The distinction between the protection and the benefits of the state being extended to citizens and that to non-citizens has also been brought up by the petitioners. The locus of these benefits in the context of Assam’s indigenous tribes and peoples is the Sixth Schedule of the Constitution. Keeping that in mind, the petitioners have highlighted that the influx of illegal immigrants being conferred citizenship has led to an alleged usurpation of indigenous land, and by extension, their livelihoods and lifestyles. Additionally, they argued that Section 6A dilutes the political rights under Article 326. In the context of their language, script and culture, they have contested a violation of Article 29(1) because of a rapid demographic change. The petitioners have also sought that the National Register of Citizens for Assam be updated based on the 1951 NRC instead of the electoral rolls from March 1971. This is to keep the standard for naturalising immigrants the same in Assam as the rest of the nation, unaffected by the wake of the Liberation War, as the 1951 Census only incorporated the immigrants after Partition.

The government, in response, has argued that the present manner of the NRC is necessary to identify illegal immigrants who had entered Assam after March 24, 1971, and to protect the rights of genuine citizens, given that the process is fair and transparent, and it provides sufficient opportunities for people to prove their citizenship. 

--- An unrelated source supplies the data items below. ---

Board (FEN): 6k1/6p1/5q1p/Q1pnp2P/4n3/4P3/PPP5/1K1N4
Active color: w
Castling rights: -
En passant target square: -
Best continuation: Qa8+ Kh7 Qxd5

The ripples of the two-judge bench’s judgement and the emphasis away from the NRC issue in the present case have already been felt in ancillary litigation like in Lal Bhanu v. Union of India and Ors. wherein petitioners have been labelled foreigners in the NRC, this being reinforced by Foreigner Tribunals. The burden of proof being shifted to the petitioner under the Foreigners Act then highlights the urgency of some clarity on the subject-matter. The essence of citizenship is fundamentally a bureaucratic construct. As the state governs its inhabitants, the paper trail becomes paramount. The state, in defining its citizens, seeks documents that validate identity. There is a strict control what can or cannot be a source of a citizen’s ‘identity’ then. Statelessness is thrust onto citizens and immigrants alike, such individuals who are not considered citizens of any country lack access to basic rights and services. Many of these people are unable to provide sufficient documentation or are excluded due to bureaucratic errors in the verification process, leading to their exclusion from the NRC and being deemed stateless.

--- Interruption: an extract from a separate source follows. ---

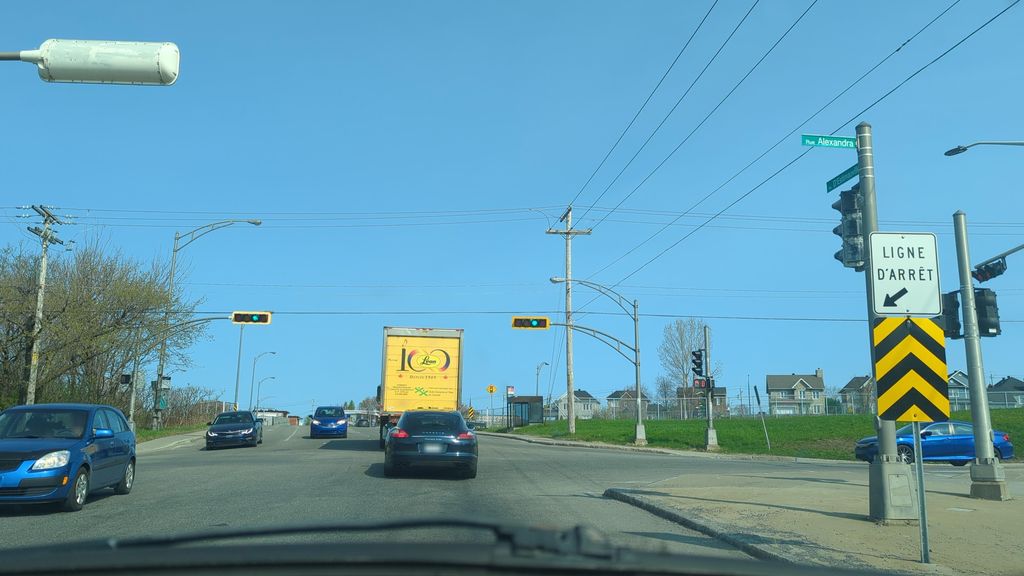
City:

Citizenship transcends the legal status conferred by the state and the benefits accrued by it, especially when it is closely linked to the identity and belonging of its constituents. In the case of Assam, the question of citizenship is intertwined with the region’s history of migration and settlement, as well as its diverse linguistic and cultural traditions. The exigency of Assam Sanmilita Mahasangha v. Union of India is experienced by the countless people whose citizenship is under the threat of being denied after almost four decades of having been naturalised.

Shreya Sethi is a second-year law student at NALSAR University of Law, Hyderabad. This post was edited by Utkarsh Mani Tripathi.